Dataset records
┏━━
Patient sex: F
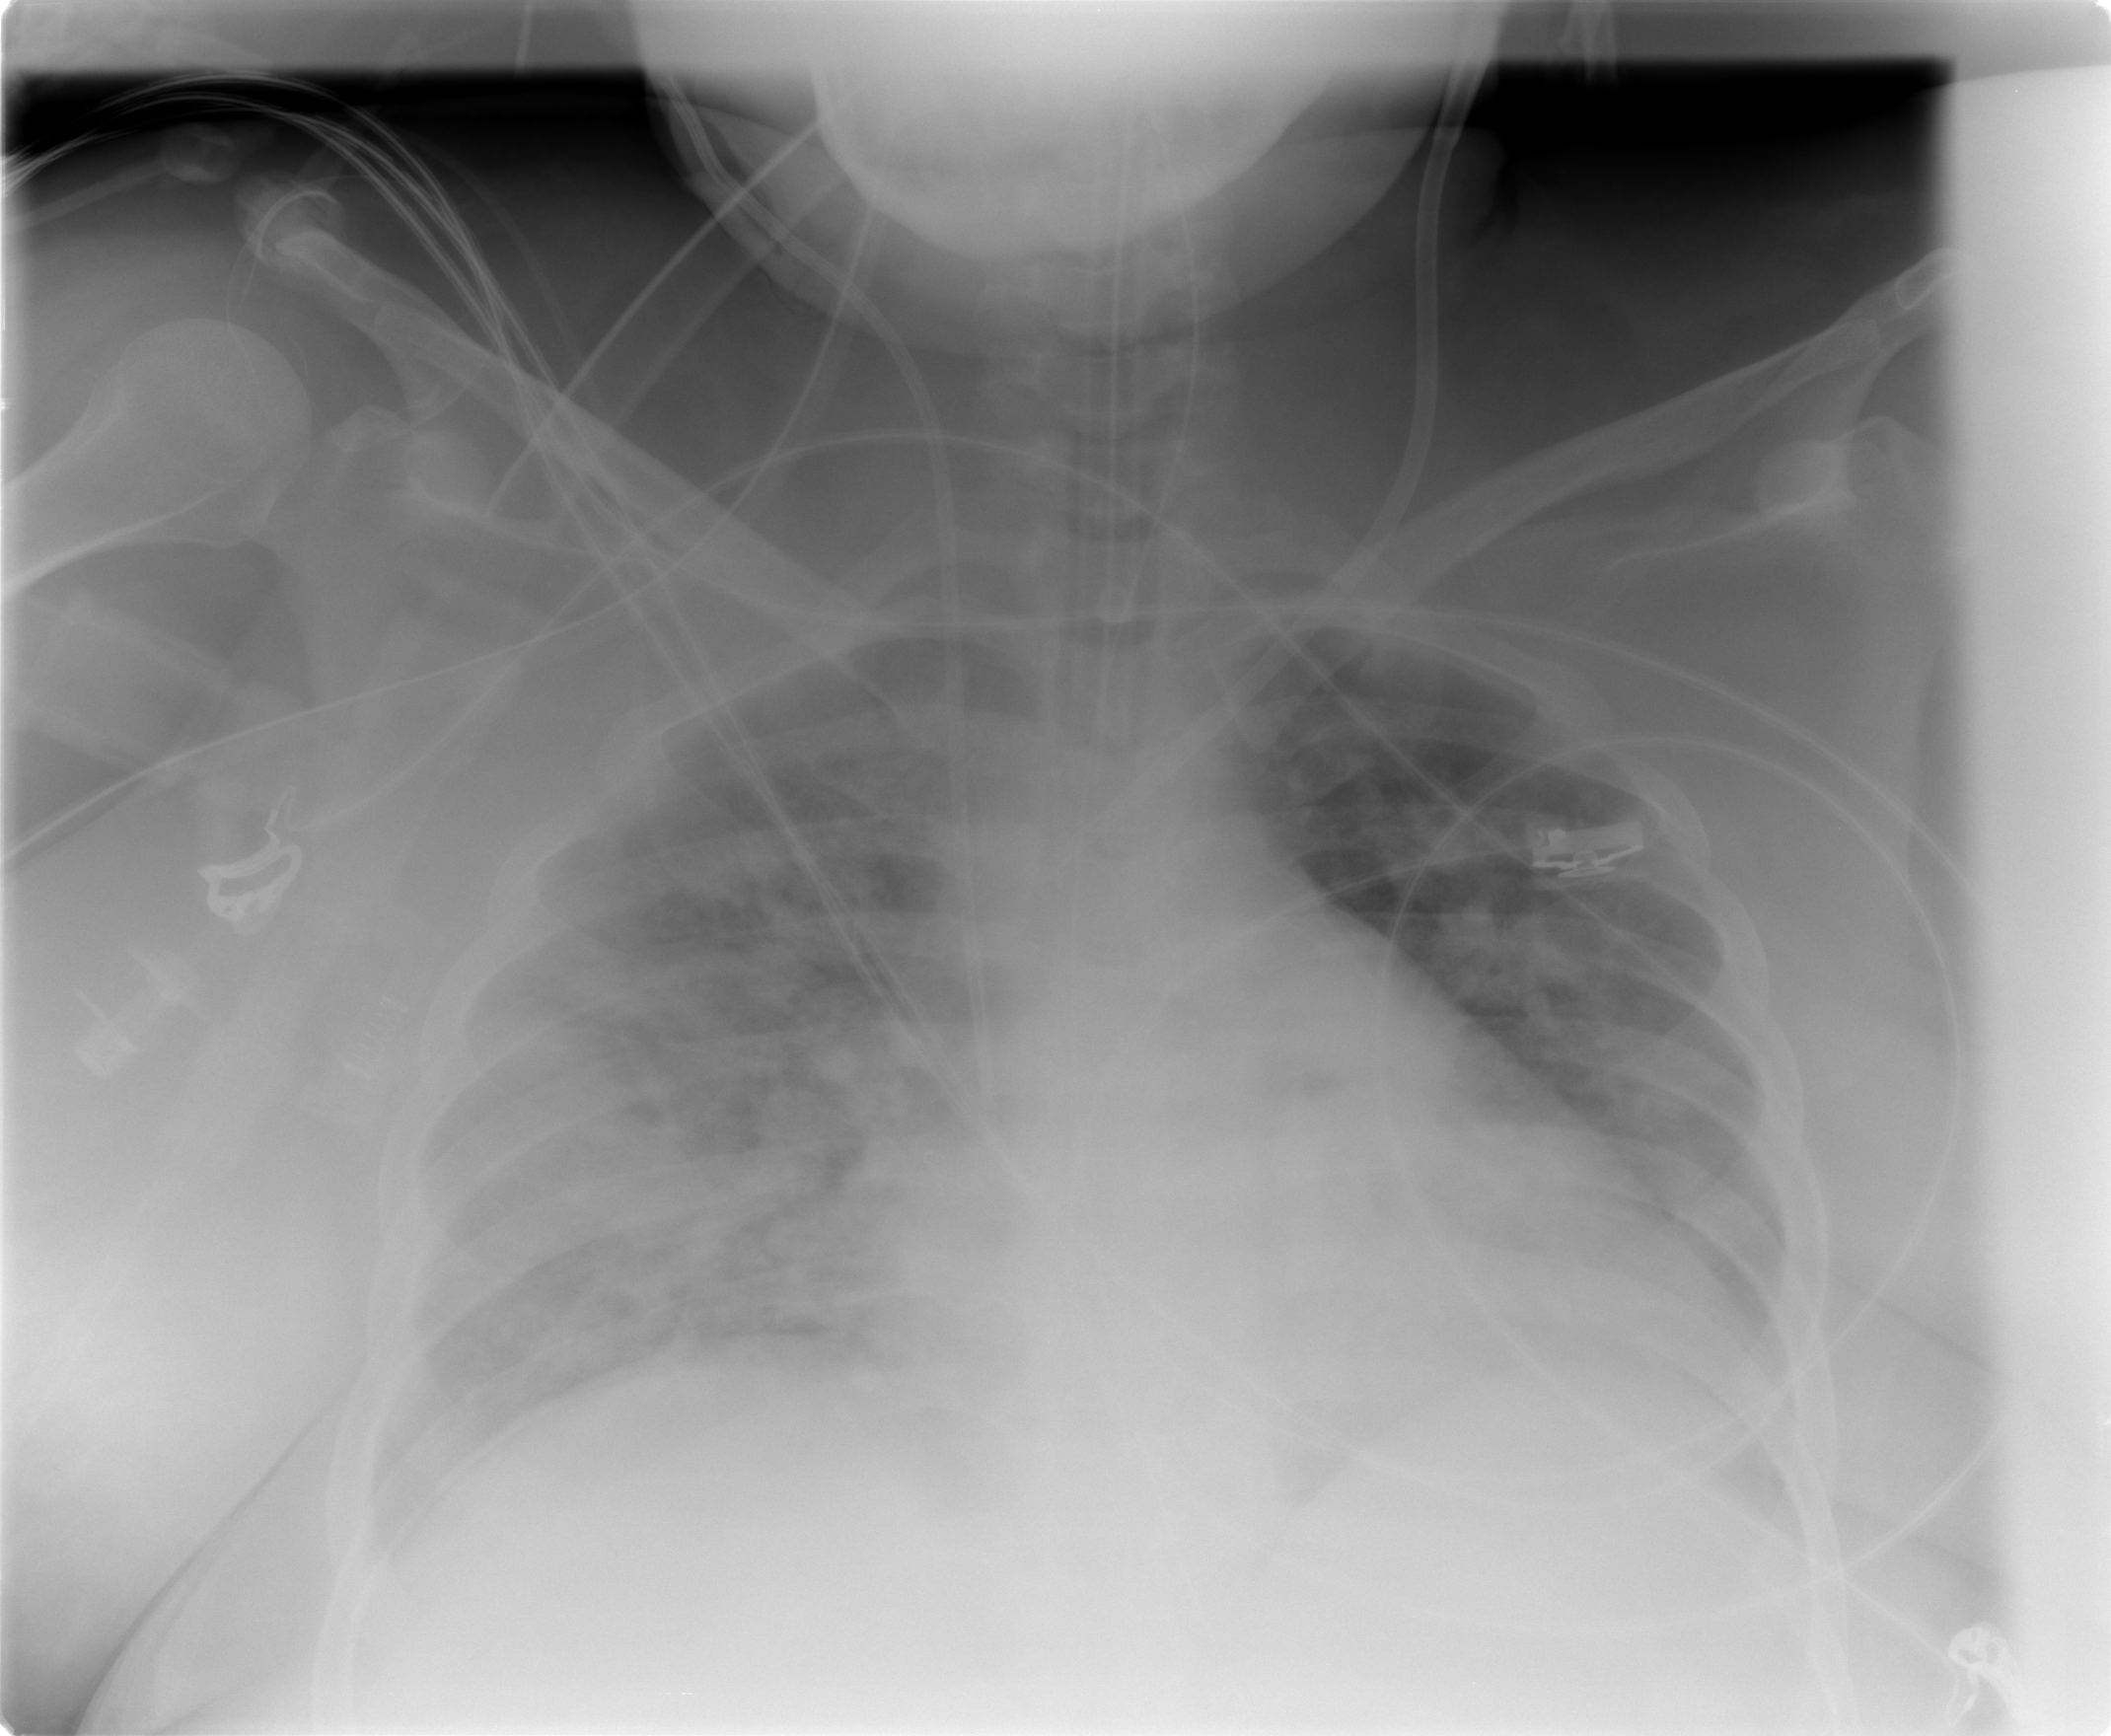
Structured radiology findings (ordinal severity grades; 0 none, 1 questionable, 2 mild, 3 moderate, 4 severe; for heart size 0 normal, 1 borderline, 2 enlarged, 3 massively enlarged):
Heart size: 2
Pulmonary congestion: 3
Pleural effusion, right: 2
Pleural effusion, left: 2
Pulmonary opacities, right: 3
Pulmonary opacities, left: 3
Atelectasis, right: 2
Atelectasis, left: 2
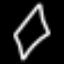
Label: diamond
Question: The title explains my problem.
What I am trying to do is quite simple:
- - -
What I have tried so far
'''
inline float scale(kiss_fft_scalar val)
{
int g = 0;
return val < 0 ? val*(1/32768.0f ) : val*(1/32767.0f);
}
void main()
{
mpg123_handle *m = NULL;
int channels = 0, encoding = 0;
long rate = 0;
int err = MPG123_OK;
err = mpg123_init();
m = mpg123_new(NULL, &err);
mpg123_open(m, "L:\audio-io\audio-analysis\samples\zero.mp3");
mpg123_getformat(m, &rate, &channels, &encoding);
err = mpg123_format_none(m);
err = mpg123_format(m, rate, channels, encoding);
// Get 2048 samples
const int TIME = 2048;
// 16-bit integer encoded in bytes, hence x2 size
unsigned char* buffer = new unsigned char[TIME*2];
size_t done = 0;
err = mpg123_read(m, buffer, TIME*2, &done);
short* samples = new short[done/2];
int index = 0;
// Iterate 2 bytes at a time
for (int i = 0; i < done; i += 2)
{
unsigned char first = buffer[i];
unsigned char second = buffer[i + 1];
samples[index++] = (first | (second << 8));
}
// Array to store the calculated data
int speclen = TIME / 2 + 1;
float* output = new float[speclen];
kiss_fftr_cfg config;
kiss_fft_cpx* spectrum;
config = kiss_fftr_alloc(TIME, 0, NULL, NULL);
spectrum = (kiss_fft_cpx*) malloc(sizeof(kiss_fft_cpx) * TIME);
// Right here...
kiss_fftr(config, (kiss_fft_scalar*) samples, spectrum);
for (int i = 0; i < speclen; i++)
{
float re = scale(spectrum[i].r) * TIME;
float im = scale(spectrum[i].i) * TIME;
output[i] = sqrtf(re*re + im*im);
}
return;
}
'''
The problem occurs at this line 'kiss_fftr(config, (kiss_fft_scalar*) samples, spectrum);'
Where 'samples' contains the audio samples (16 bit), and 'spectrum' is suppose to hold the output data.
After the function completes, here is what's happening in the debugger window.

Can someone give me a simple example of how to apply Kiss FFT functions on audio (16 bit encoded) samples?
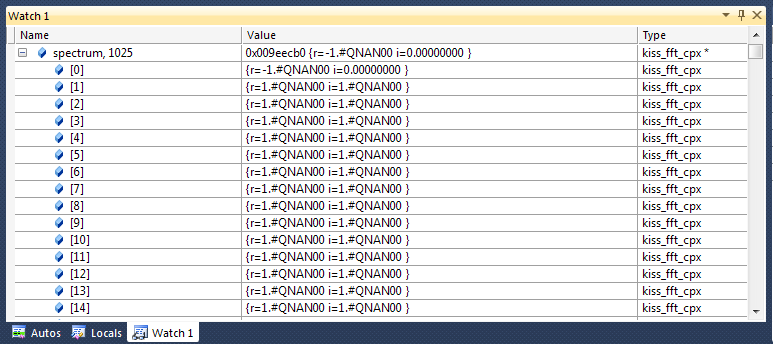
Answer: You need to find the bug(s) in your code. My test code appears to work just fine.
Complex-valued forward FFT with floats:
'''
#include <stdio.h>
#include <stdlib.h>
#include <math.h>
#include "kiss_fft.h"
#ifndef M_PI
#define M_PI 3.14159265358979324
#endif
#define N 16
void TestFft(const char* title, const kiss_fft_cpx in[N], kiss_fft_cpx out[N])
{
kiss_fft_cfg cfg;
printf("%s
", title);
if ((cfg = kiss_fft_alloc(N, 0/*is_inverse_fft*/, NULL, NULL)) != NULL)
{
size_t i;
kiss_fft(cfg, in, out);
free(cfg);
for (i = 0; i < N; i++)
printf(" in[%2zu] = %+f , %+f "
"out[%2zu] = %+f , %+f
",
i, in[i].r, in[i].i,
i, out[i].r, out[i].i);
}
else
{
printf("not enough memory?
");
exit(-1);
}
}
int main(void)
{
kiss_fft_cpx in[N], out[N];
size_t i;
for (i = 0; i < N; i++)
in[i].r = in[i].i = 0;
TestFft("Zeroes (complex)", in, out);
for (i = 0; i < N; i++)
in[i].r = 1, in[i].i = 0;
TestFft("Ones (complex)", in, out);
for (i = 0; i < N; i++)
in[i].r = sin(2 * M_PI * 4 * i / N), in[i].i = 0;
TestFft("SineWave (complex)", in, out);
return 0;
}
'''
Output:
'''
Zeroes (complex)
in[ 0] = +0.000000 , +0.000000 out[ 0] = +0.000000 , +0.000000
in[ 1] = +0.000000 , +0.000000 out[ 1] = +0.000000 , +0.000000
in[ 2] = +0.000000 , +0.000000 out[ 2] = +0.000000 , +0.000000
in[ 3] = +0.000000 , +0.000000 out[ 3] = +0.000000 , +0.000000
in[ 4] = +0.000000 , +0.000000 out[ 4] = +0.000000 , +0.000000
in[ 5] = +0.000000 , +0.000000 out[ 5] = +0.000000 , +0.000000
in[ 6] = +0.000000 , +0.000000 out[ 6] = +0.000000 , +0.000000
in[ 7] = +0.000000 , +0.000000 out[ 7] = +0.000000 , +0.000000
in[ 8] = +0.000000 , +0.000000 out[ 8] = +0.000000 , +0.000000
in[ 9] = +0.000000 , +0.000000 out[ 9] = +0.000000 , +0.000000
in[10] = +0.000000 , +0.000000 out[10] = +0.000000 , +0.000000
in[11] = +0.000000 , +0.000000 out[11] = +0.000000 , +0.000000
in[12] = +0.000000 , +0.000000 out[12] = +0.000000 , +0.000000
in[13] = +0.000000 , +0.000000 out[13] = +0.000000 , +0.000000
in[14] = +0.000000 , +0.000000 out[14] = +0.000000 , +0.000000
in[15] = +0.000000 , +0.000000 out[15] = +0.000000 , +0.000000
Ones (complex)
in[ 0] = +1.000000 , +0.000000 out[ 0] = +16.000000 , +0.000000
in[ 1] = +1.000000 , +0.000000 out[ 1] = +0.000000 , +0.000000
in[ 2] = +1.000000 , +0.000000 out[ 2] = +0.000000 , +0.000000
in[ 3] = +1.000000 , +0.000000 out[ 3] = +0.000000 , +0.000000
in[ 4] = +1.000000 , +0.000000 out[ 4] = +0.000000 , +0.000000
in[ 5] = +1.000000 , +0.000000 out[ 5] = +0.000000 , +0.000000
in[ 6] = +1.000000 , +0.000000 out[ 6] = +0.000000 , +0.000000
in[ 7] = +1.000000 , +0.000000 out[ 7] = +0.000000 , +0.000000
in[ 8] = +1.000000 , +0.000000 out[ 8] = +0.000000 , +0.000000
in[ 9] = +1.000000 , +0.000000 out[ 9] = +0.000000 , +0.000000
in[10] = +1.000000 , +0.000000 out[10] = +0.000000 , +0.000000
in[11] = +1.000000 , +0.000000 out[11] = +0.000000 , +0.000000
in[12] = +1.000000 , +0.000000 out[12] = +0.000000 , +0.000000
in[13] = +1.000000 , +0.000000 out[13] = +0.000000 , +0.000000
in[14] = +1.000000 , +0.000000 out[14] = +0.000000 , +0.000000
in[15] = +1.000000 , +0.000000 out[15] = +0.000000 , +0.000000
SineWave (complex)
in[ 0] = +0.000000 , +0.000000 out[ 0] = +0.000000 , +0.000000
in[ 1] = +1.000000 , +0.000000 out[ 1] = +0.000000 , +0.000000
in[ 2] = +0.000000 , +0.000000 out[ 2] = +0.000000 , +0.000000
in[ 3] = -1.000000 , +0.000000 out[ 3] = +0.000000 , +0.000000
in[ 4] = +0.000000 , +0.000000 out[ 4] = +0.000000 , -8.000000
in[ 5] = +1.000000 , +0.000000 out[ 5] = +0.000000 , +0.000000
in[ 6] = +0.000000 , +0.000000 out[ 6] = +0.000000 , +0.000000
in[ 7] = -1.000000 , +0.000000 out[ 7] = +0.000000 , +0.000000
in[ 8] = +0.000000 , +0.000000 out[ 8] = +0.000000 , +0.000000
in[ 9] = +1.000000 , +0.000000 out[ 9] = +0.000000 , +0.000000
in[10] = +0.000000 , +0.000000 out[10] = +0.000000 , +0.000000
in[11] = -1.000000 , +0.000000 out[11] = +0.000000 , +0.000000
in[12] = +0.000000 , +0.000000 out[12] = +0.000000 , +8.000000
in[13] = +1.000000 , +0.000000 out[13] = +0.000000 , +0.000000
in[14] = +0.000000 , +0.000000 out[14] = +0.000000 , +0.000000
in[15] = -1.000000 , +0.000000 out[15] = +0.000000 , +0.000000
'''
Real-valued forward FFT with floats:
'''
#include <stdio.h>
#include <stdlib.h>
#include <math.h>
#include "kiss_fftr.h"
#ifndef M_PI
#define M_PI 3.14159265358979324
#endif
#define N 16
void TestFftReal(const char* title, const kiss_fft_scalar in[N], kiss_fft_cpx out[N / 2 + 1])
{
kiss_fftr_cfg cfg;
printf("%s
", title);
if ((cfg = kiss_fftr_alloc(N, 0/*is_inverse_fft*/, NULL, NULL)) != NULL)
{
size_t i;
kiss_fftr(cfg, in, out);
free(cfg);
for (i = 0; i < N; i++)
{
printf(" in[%2zu] = %+f ",
i, in[i]);
if (i < N / 2 + 1)
printf("out[%2zu] = %+f , %+f",
i, out[i].r, out[i].i);
printf("
");
}
}
else
{
printf("not enough memory?
");
exit(-1);
}
}
int main(void)
{
kiss_fft_scalar in[N];
kiss_fft_cpx out[N / 2 + 1];
size_t i;
for (i = 0; i < N; i++)
in[i] = 0;
TestFftReal("Zeroes (real)", in, out);
for (i = 0; i < N; i++)
in[i] = 1;
TestFftReal("Ones (real)", in, out);
for (i = 0; i < N; i++)
in[i] = sin(2 * M_PI * 4 * i / N);
TestFftReal("SineWave (real)", in, out);
return 0;
}
'''
Output:
'''
Zeroes (real)
in[ 0] = +0.000000 out[ 0] = +0.000000 , +0.000000
in[ 1] = +0.000000 out[ 1] = +0.000000 , +0.000000
in[ 2] = +0.000000 out[ 2] = +0.000000 , +0.000000
in[ 3] = +0.000000 out[ 3] = +0.000000 , +0.000000
in[ 4] = +0.000000 out[ 4] = +0.000000 , +0.000000
in[ 5] = +0.000000 out[ 5] = +0.000000 , +0.000000
in[ 6] = +0.000000 out[ 6] = +0.000000 , +0.000000
in[ 7] = +0.000000 out[ 7] = +0.000000 , +0.000000
in[ 8] = +0.000000 out[ 8] = +0.000000 , +0.000000
in[ 9] = +0.000000
in[10] = +0.000000
in[11] = +0.000000
in[12] = +0.000000
in[13] = +0.000000
in[14] = +0.000000
in[15] = +0.000000
Ones (real)
in[ 0] = +1.000000 out[ 0] = +16.000000 , +0.000000
in[ 1] = +1.000000 out[ 1] = +0.000000 , +0.000000
in[ 2] = +1.000000 out[ 2] = +0.000000 , +0.000000
in[ 3] = +1.000000 out[ 3] = +0.000000 , +0.000000
in[ 4] = +1.000000 out[ 4] = +0.000000 , +0.000000
in[ 5] = +1.000000 out[ 5] = +0.000000 , +0.000000
in[ 6] = +1.000000 out[ 6] = +0.000000 , +0.000000
in[ 7] = +1.000000 out[ 7] = +0.000000 , +0.000000
in[ 8] = +1.000000 out[ 8] = +0.000000 , +0.000000
in[ 9] = +1.000000
in[10] = +1.000000
in[11] = +1.000000
in[12] = +1.000000
in[13] = +1.000000
in[14] = +1.000000
in[15] = +1.000000
SineWave (real)
in[ 0] = +0.000000 out[ 0] = +0.000000 , +0.000000
in[ 1] = +1.000000 out[ 1] = +0.000000 , +0.000000
in[ 2] = +0.000000 out[ 2] = +0.000000 , +0.000000
in[ 3] = -1.000000 out[ 3] = +0.000000 , +0.000000
in[ 4] = +0.000000 out[ 4] = +0.000000 , -8.000000
in[ 5] = +1.000000 out[ 5] = +0.000000 , +0.000000
in[ 6] = +0.000000 out[ 6] = +0.000000 , +0.000000
in[ 7] = -1.000000 out[ 7] = +0.000000 , +0.000000
in[ 8] = +0.000000 out[ 8] = +0.000000 , +0.000000
in[ 9] = +1.000000
in[10] = +0.000000
in[11] = -1.000000
in[12] = +0.000000
in[13] = +1.000000
in[14] = +0.000000
in[15] = -1.000000
'''
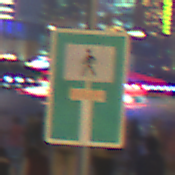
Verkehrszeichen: SackgasseFussgaengerDurchlaessig
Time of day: Night
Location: Outdoor (Urban)
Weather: PartlyCloudy
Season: NotSpecified
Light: Natural
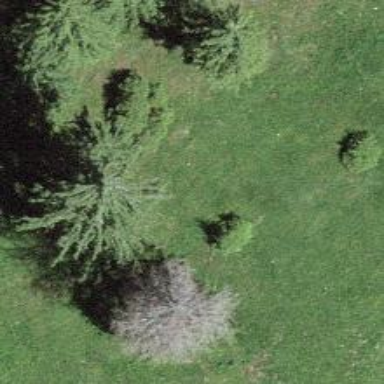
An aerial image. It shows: Beautiful tree in nature.
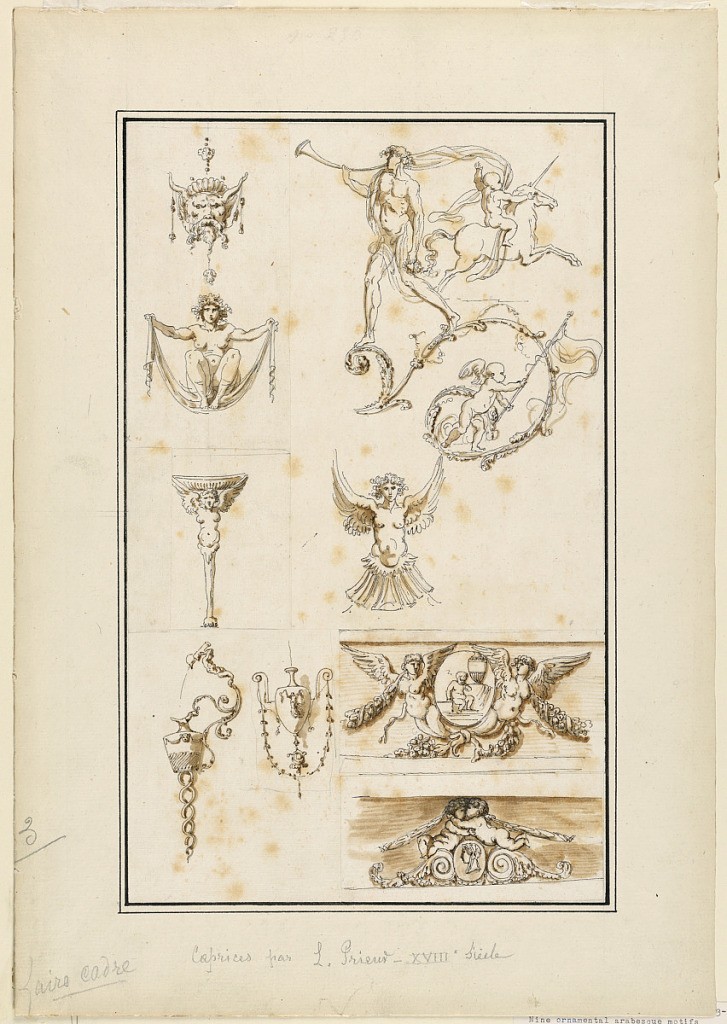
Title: Designs for Ornamental Arabesque Motifs
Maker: Etienne de Lavallée-Poussin, French, 1735–1802
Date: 1770
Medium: Pen and brown ink, brush and brown watercolor, graphite on paper
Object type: drawing
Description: Top left, a mask of a human figure with horns from which are suspended tassels. Under it, a nude female figure seen frontally, seated on a sheet held in both hands, arms extended. Upper right, a motif showing a nude trumpeter standing on a rinceau, and beside him a putto astride a unicorn, and below, another putto carrying a banner. Center left, a winged herm supporting a shelf. Center, a winged terminal figure seen frontally. Lower left, two vases, one in the form of a pitcher whose handle terminates in a human figure who pours liquid into the vase over his shoulder. Lower right, two winged genii flank a medallion showing a putto seated by an urn, and below, two putti embrace over paired volutes flanking a medallion but portrait.
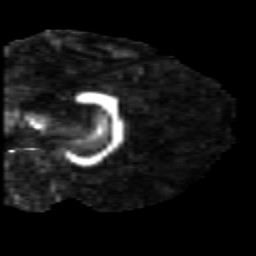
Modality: FA
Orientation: sagittal
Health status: healthy
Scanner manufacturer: siemens
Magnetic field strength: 3 T
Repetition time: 10 s
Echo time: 0.092 s
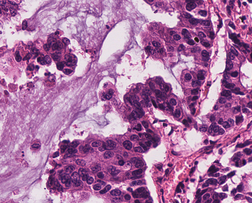
Tumor epithelial tissue: yes
Tumor-associated stroma tissue: yes
Normal tissue: no
┗━━
## [WHAT TO WORK ON]
Scan the records for the string "Pleural". Copy each line in which it appears.

## [RESULT OF THE EXERCISE]
Pleural effusion, right: 2
Pleural effusion, left: 2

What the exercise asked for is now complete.